To do
Pictures aside, write out every record exactly as it appears.

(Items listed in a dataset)
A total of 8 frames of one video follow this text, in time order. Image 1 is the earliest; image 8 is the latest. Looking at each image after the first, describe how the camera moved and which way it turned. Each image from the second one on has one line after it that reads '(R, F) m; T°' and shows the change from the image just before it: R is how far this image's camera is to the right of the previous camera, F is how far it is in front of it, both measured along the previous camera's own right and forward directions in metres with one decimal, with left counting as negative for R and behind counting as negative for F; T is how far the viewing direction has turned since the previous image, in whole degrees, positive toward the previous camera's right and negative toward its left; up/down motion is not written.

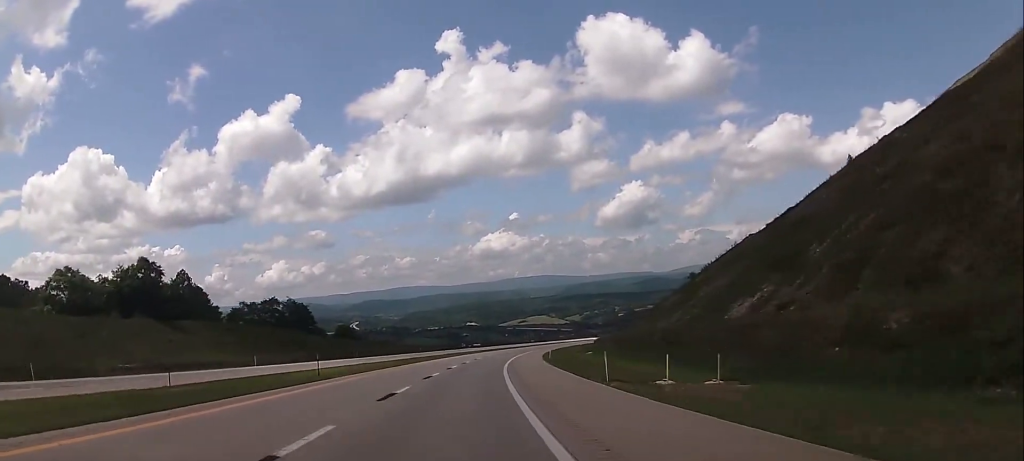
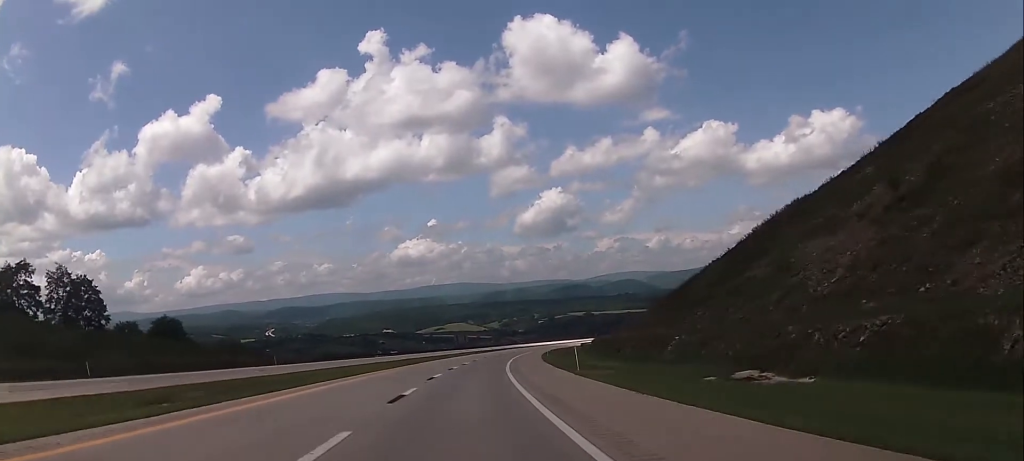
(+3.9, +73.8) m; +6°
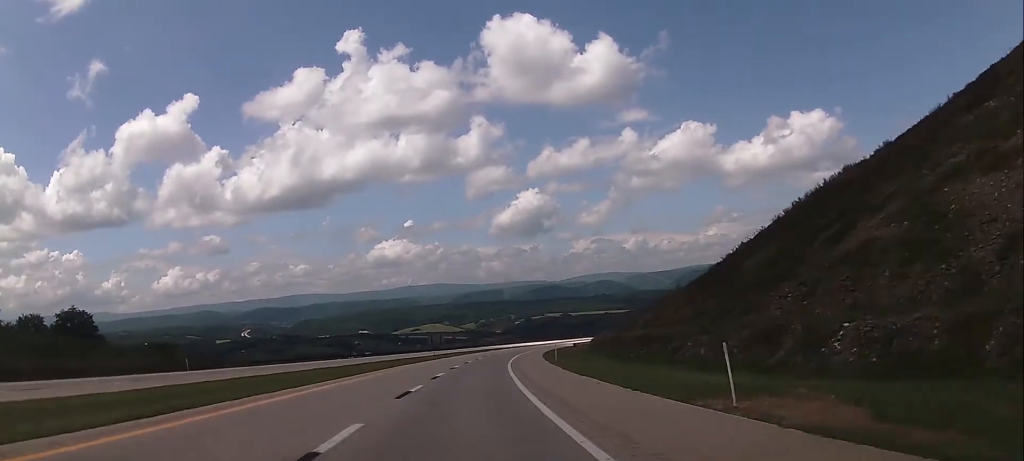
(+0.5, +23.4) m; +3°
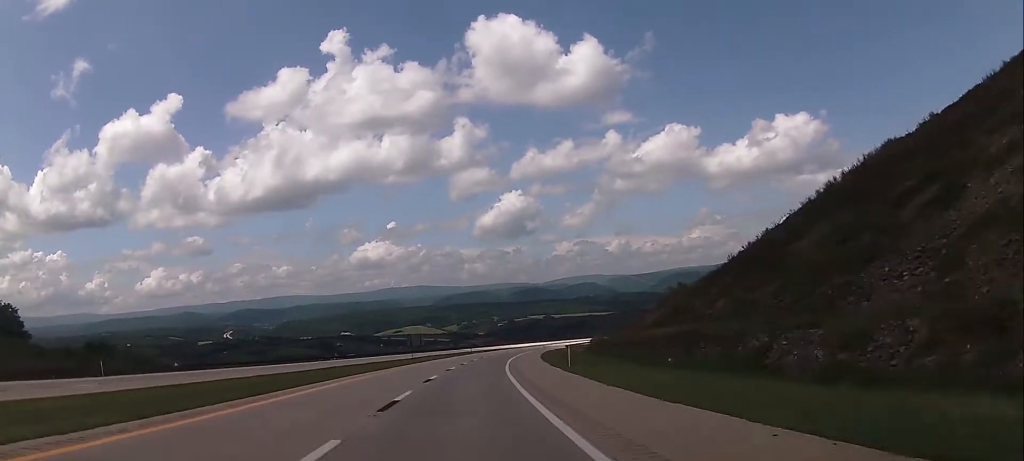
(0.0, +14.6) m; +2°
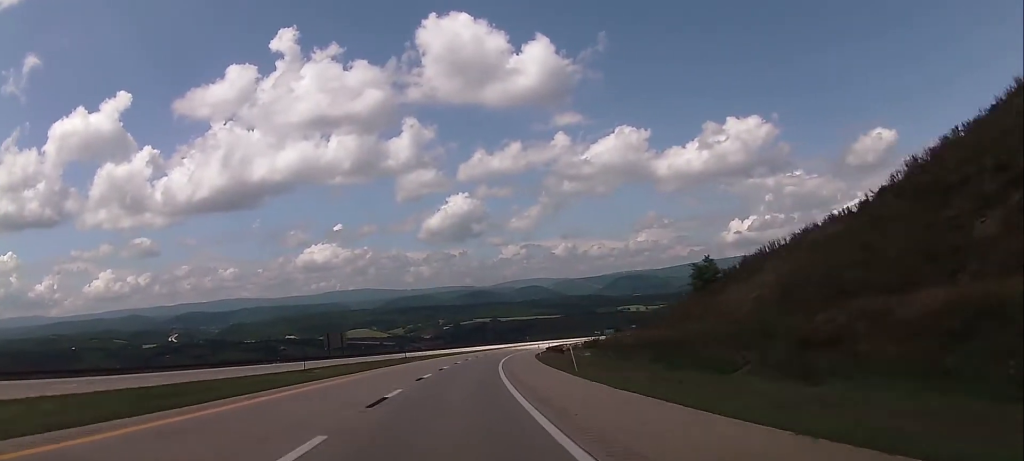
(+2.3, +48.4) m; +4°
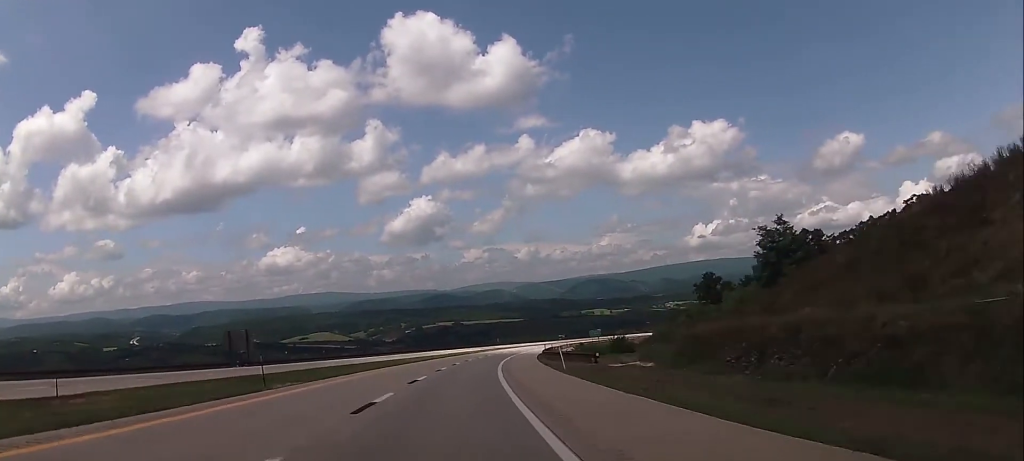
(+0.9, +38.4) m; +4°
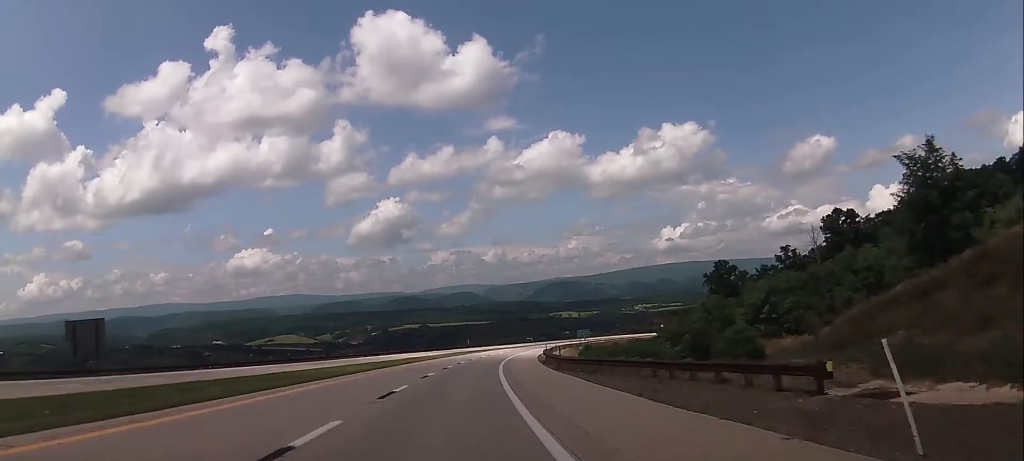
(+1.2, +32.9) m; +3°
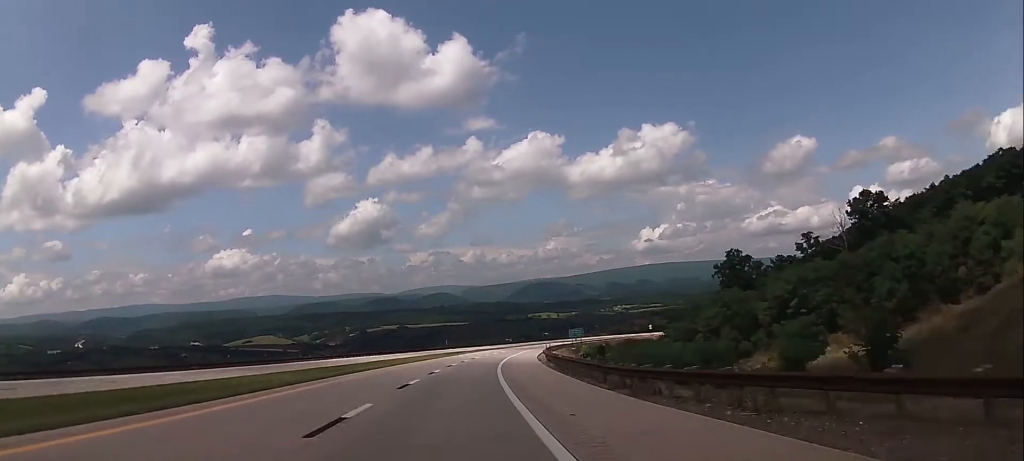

Task output
A total of 8 frames of one video follow this text, in time order. Image 1 is the earliest; image 8 is the latest. Looking at each image after the first, describe how the camera moved and which way it turned. Each image from the second one on has one line after it that reads '(R, F) m; T°' and shows the change from the image just before it: R is how far this image's camera is to the right of the previous camera, F is how far it is in front of it, both measured along the previous camera's own right and forward directions in metres with one decimal, with left counting as negative for R and behind counting as negative for F; T is how far the viewing direction has turned since the previous image, in whole degrees, positive toward the previous camera's right and negative toward its left; up/down motion is not written.

(+3.9, +73.8) m; +6°
(+0.5, +23.4) m; +3°
(0.0, +14.6) m; +2°
(+2.3, +48.4) m; +4°
(+0.9, +38.4) m; +4°
(+1.2, +32.9) m; +3°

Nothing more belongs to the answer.